In Saint Paul’s first letter to the Corinthians he develops this idea of the unity of the church. He writes about the church as a body.

“As the body is one though it has many parts, and all the parts of the Body, though many, are one body,” he writes. “So also Christ.”

So, not only are we like a body, we are a body — the body of Christ. But like a body we each have different roles to play. Parents have different roles from their children. Teachers have different roles from firefighters. Mothers have different roles from fathers. And individually we also have different personalities that play important roles. But — and this is the important part — amidst our diversity there is an underlying unity that holds us together. This unity comes from our common baptism into the Body of Christ where we seek to know and do the will of God. We use our various gifts, skills and personalities to do the will of the one who created us. Our diversity is vitally important but it must always be in the service of unity in Christ. Diversity for the sake of diversity is chaos. Diversity for the sake of diversity leads to disunity. Diversity at the service of unity of the Body of Christ gives us our mission in life.

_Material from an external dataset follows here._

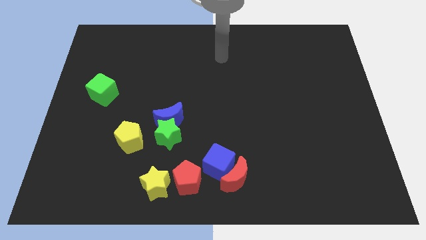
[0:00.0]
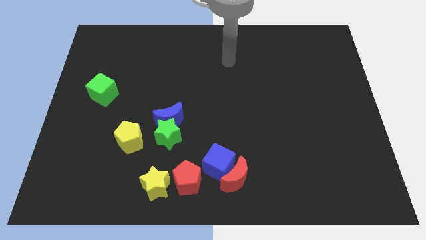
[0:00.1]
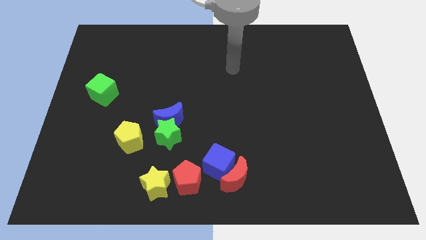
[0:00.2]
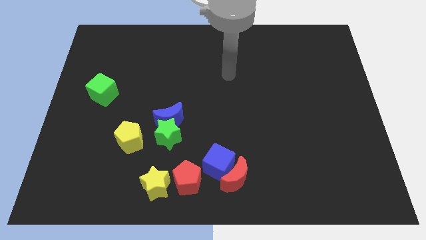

Pope Francis addressed these ideas about unity and diversity on his recent trip to the Holy Land. He said, “The mission of the Holy spirit, in fact, is to beget harmony — he is himself harmony — and to create peace in different situations and between different people. Diversity of ideas and persons should not trigger rejection or prove an obstacle, for variety always enriches.” But he goes on to say that this diversity must be grounded in Jesus Christ when he says, “He anointed Jesus inwardly and he anoints his disciples, so that they can have the mind of Christ and thus be disposed to live lives of peace and community.”

When we realize that our mission is to put on the mind of Christ and to build up the Body of Christ the only remaining question is, “How?”

For this we turn to the Gospel. It is a familiar scene — just as the disciples had gathered together after Christ died. However, in this story Jesus appears to them. What he says and does is truly amazing and tells the disciples how to live this mission to build up the Body of Christ. First he says, “Peace be with you.” Then he shows them the wounds in his hands, feet and side. Then he says “Peace be with you” again. Does this stand out to any of you? The contrast between peace and the wounds is startling. It seems that he is saying the peace I give you, the peace of unity, comes through complete sacrifice. Peace costs something … everything.

The next line is just as startling. This is a line that we too easily breeze past and don’t realize how shocking it is. He says, “And as the Father has sent me so I send you.” And how did the Father send his son? He sent him into our world to give him to the world totally. He did not say, “You can have my son but only if you are nice to him.” He gave him totally and completely, all the way to his death. This was also the mission of the disciples — to give of themselves totally and without reservation to build up the church, the Body of Christ.

So now we fast forward to today. The mission the disciples were given is also our mission. When Jesus said, “So I send you.” He means you! You are the modern day disciples and your mission is the same. As we sit here on Pentecost Sunday, the day we recognize as the birth of the church do we take the mission that was given to us 2,000 years ago seriously? This does not necessarily mean that we will be martyred for the faith, but it does mean that we must give our lives over to God so that he may use our individuality and diversity in the service of building up the church, the Body of Christ.

I realize this sounds difficult and it is. But it is what we were made for. And here is the really good news, this is where you will ultimately find true joy and fulfillment because this is why God made you. He made us to be in unity with each other and to be one with him. When we do this there will be no barriers between us. We will be able to speak to each other, through our differences, heart to heart.